She felt a retch building up in her throat as she saw the yolks wiggle on the egg whites as the woman pulled the trolley upto the bed. She started rolling up the bed to an incline.

"Come on now. Up you go. You must eat, you know...otherwise we cannot give you your medications" the woman said in a high-pitched saccharine voice.

"No shit, bitch!" a shrill voice said rang inside Bonnie's head, startling even her. The woman turned around.

"Umm, did you say something hun?" the woman asked with a frown. Bonnie mumbled and shook her head. She wondered if this recurring dream would end soon. Sometimes she felt this was the real world and her life with Billy was the dream. She could never tell.

"You will be seeing Dr.Weldy at 2 pm today" the woman said as she shut the door behind her just after Bonnie took a peek at her badge. 'Nurse Linda White' it said in blue letters, followed by 'Mercy County Psychiatric Facility'.

Bonnie could feel panic rising to her ears with the rush of adrenaline and a horrible pit was growing in her stomach.

"What am I doing here?" she thought, her eyes scanning the steel door, nervously, her breath inhaling the cold sterile smell, her mind resounding every fearful question in the hum of silence. The white walls were closing in as a slideshow flashed in front of her. The needle jammed above her wrist now suddenly stung. The steady drip of sedatives seemed to climb to her forehead, numbing her eyelids and bringing thick black curtains of sleep that finally pulled her in.

"Ma'am, do you know what happened to the dog?" she heard the booming voice and the unshaven face of the detective made its way out of the fog.

"No" she said in a strangely toneless voice. She could see herself slouched in front of the detective, in a cotton nightie doused with crimson stains that were darkening with every passing minute. He pushed a glass of water towards her.
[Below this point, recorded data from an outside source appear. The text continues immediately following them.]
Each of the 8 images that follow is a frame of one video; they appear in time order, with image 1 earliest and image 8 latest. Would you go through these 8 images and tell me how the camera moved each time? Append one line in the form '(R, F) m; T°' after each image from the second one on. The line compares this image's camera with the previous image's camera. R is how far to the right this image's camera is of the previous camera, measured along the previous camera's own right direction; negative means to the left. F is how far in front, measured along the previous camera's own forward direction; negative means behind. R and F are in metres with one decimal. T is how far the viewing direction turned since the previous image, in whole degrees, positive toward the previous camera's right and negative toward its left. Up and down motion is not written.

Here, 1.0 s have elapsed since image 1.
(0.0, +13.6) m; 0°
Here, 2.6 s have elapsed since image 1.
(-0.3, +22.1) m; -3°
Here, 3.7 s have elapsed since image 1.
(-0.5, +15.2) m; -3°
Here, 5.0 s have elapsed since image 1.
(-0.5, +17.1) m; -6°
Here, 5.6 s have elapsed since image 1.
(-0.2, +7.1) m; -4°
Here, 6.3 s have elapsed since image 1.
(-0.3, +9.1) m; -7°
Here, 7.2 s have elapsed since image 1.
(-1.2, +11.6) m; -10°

"Are you cold Ma'am?' the detective asked, offering her a jacket and she didn't even look up as she shook her head.

"Could you tell us where you were last night. How did you get those bloody gashes on your back? Ma'am, you know we can't let you go home unless you tell us something" the detective prodded, his voice still calm and unthreatening.

"I said I don't know" came the toneless voice again, this time with the slightest hint of anger.
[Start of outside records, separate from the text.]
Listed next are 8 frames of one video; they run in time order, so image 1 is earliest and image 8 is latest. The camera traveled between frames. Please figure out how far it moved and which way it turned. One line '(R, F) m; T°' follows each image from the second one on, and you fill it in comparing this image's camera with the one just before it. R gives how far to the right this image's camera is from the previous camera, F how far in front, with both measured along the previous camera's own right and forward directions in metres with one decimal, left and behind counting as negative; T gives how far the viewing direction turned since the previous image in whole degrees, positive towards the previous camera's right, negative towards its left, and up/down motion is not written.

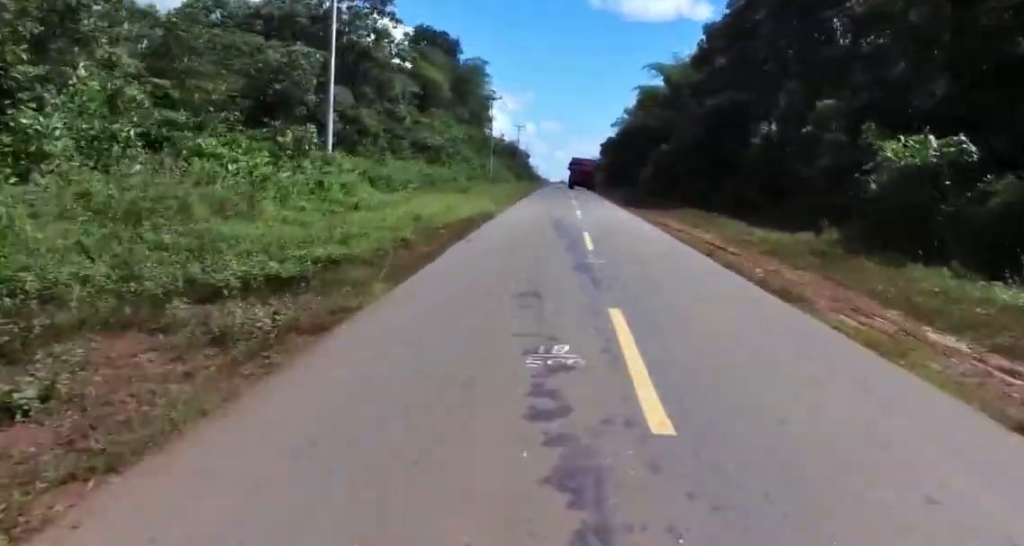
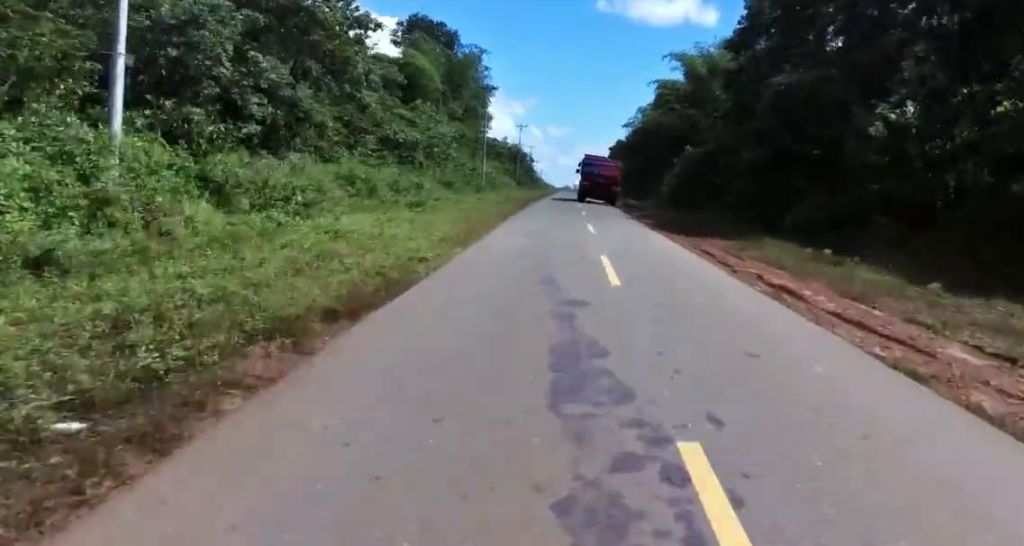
(+0.1, +11.2) m; 0°
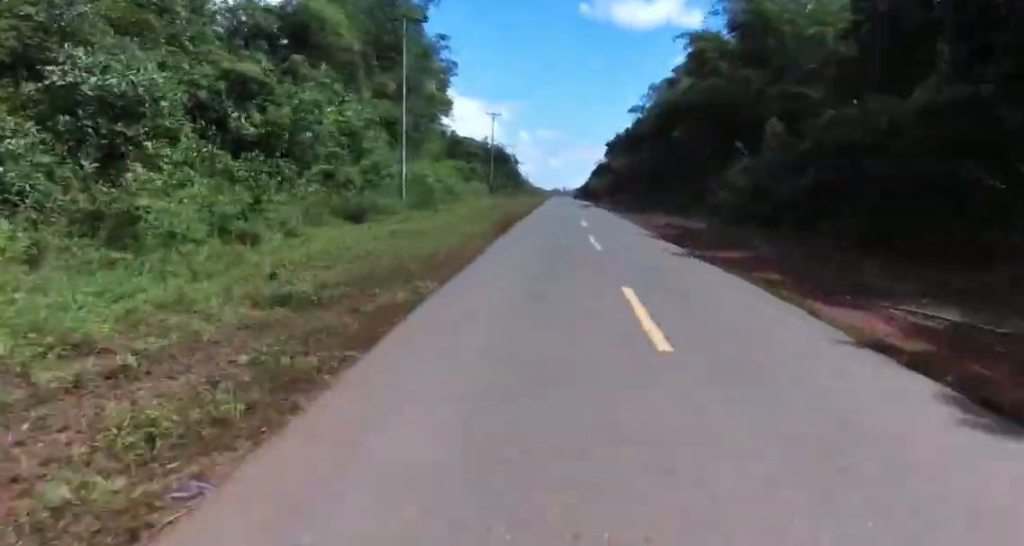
(+0.1, +27.9) m; +3°
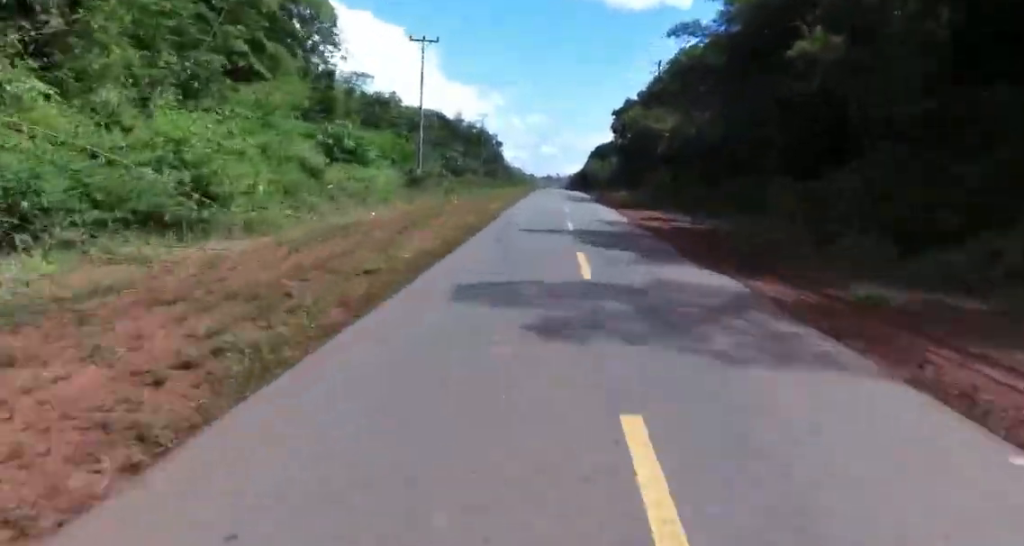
(+1.7, +38.5) m; +1°
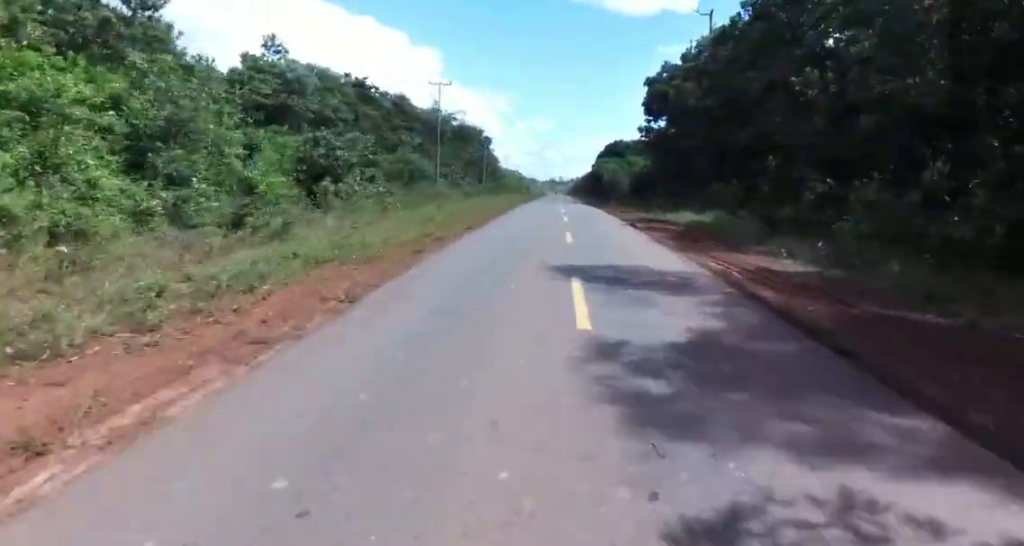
(-1.1, +35.1) m; -3°
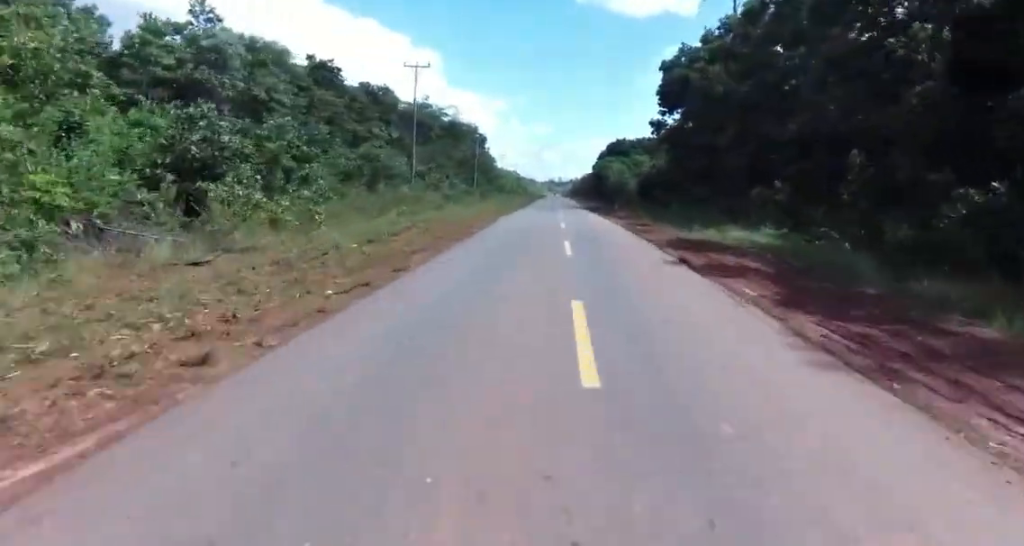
(0.0, +10.8) m; 0°
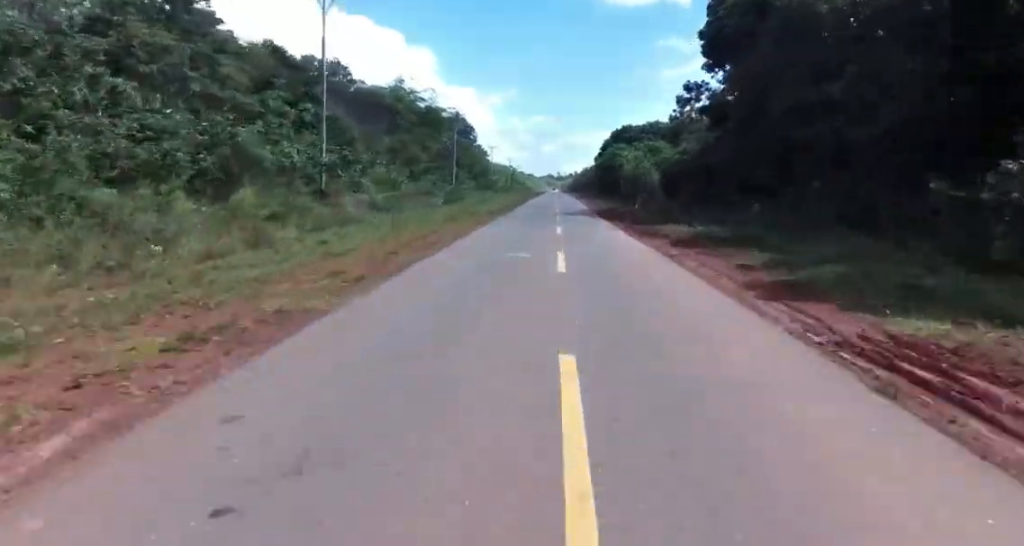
(0.0, +18.5) m; -1°
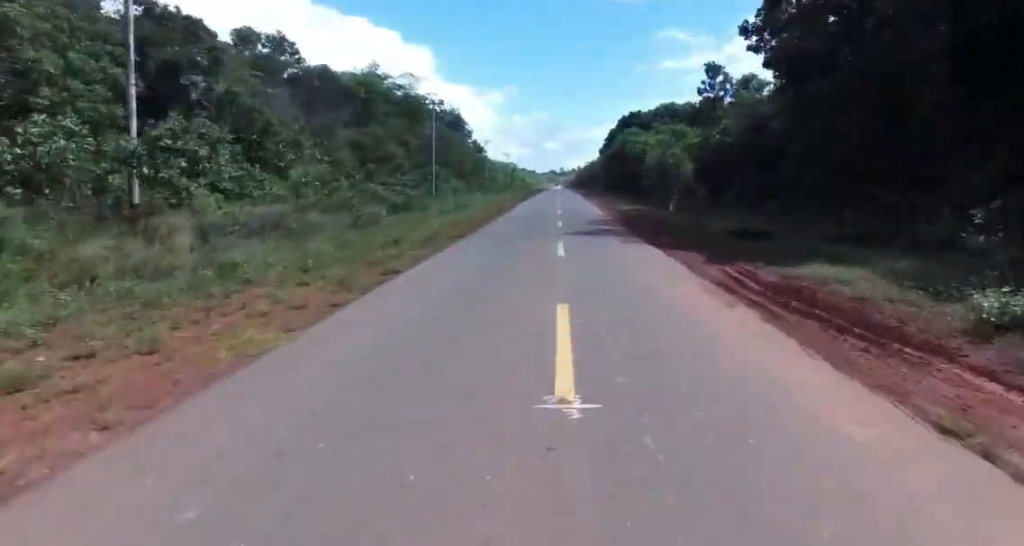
(+0.1, +14.5) m; -1°

Questions were suspended inside her own mind, floating about even as the detective looked towards the glass partition and shook his head, shrugging one last time before he left. As the door shut behind him in a soft thud, she watched her own face change, a hint of a smile was playing in the eyes that had been expressionless for so long. Was she having an out of body experience, she wondered as she watched her own face look like that of a stranger. Was this really her, being interrogated by detectives?

Behind the glass partition, the baffled members of the district attorney's office and the detective stood sipping coffee awaiting Dr.Weldy and his psychiatric team to come evaluate the woman they had found clutching a dead terrier in her neighbour's backyard. The scene had gotten gory as they approached the house that neighbours had pointed out. While two children slept in the bedroom upstairs, a large man lay sprawled face down in a pool of blood in the hallway to the kitchen. His hair had been sheared with a knife which lay bloody and strewn and words neatly carved into his back. "Yours, Delilah" it said when the blood had been wiped and the body lay cold and glistening under scrutiny on the forensic examiner's table.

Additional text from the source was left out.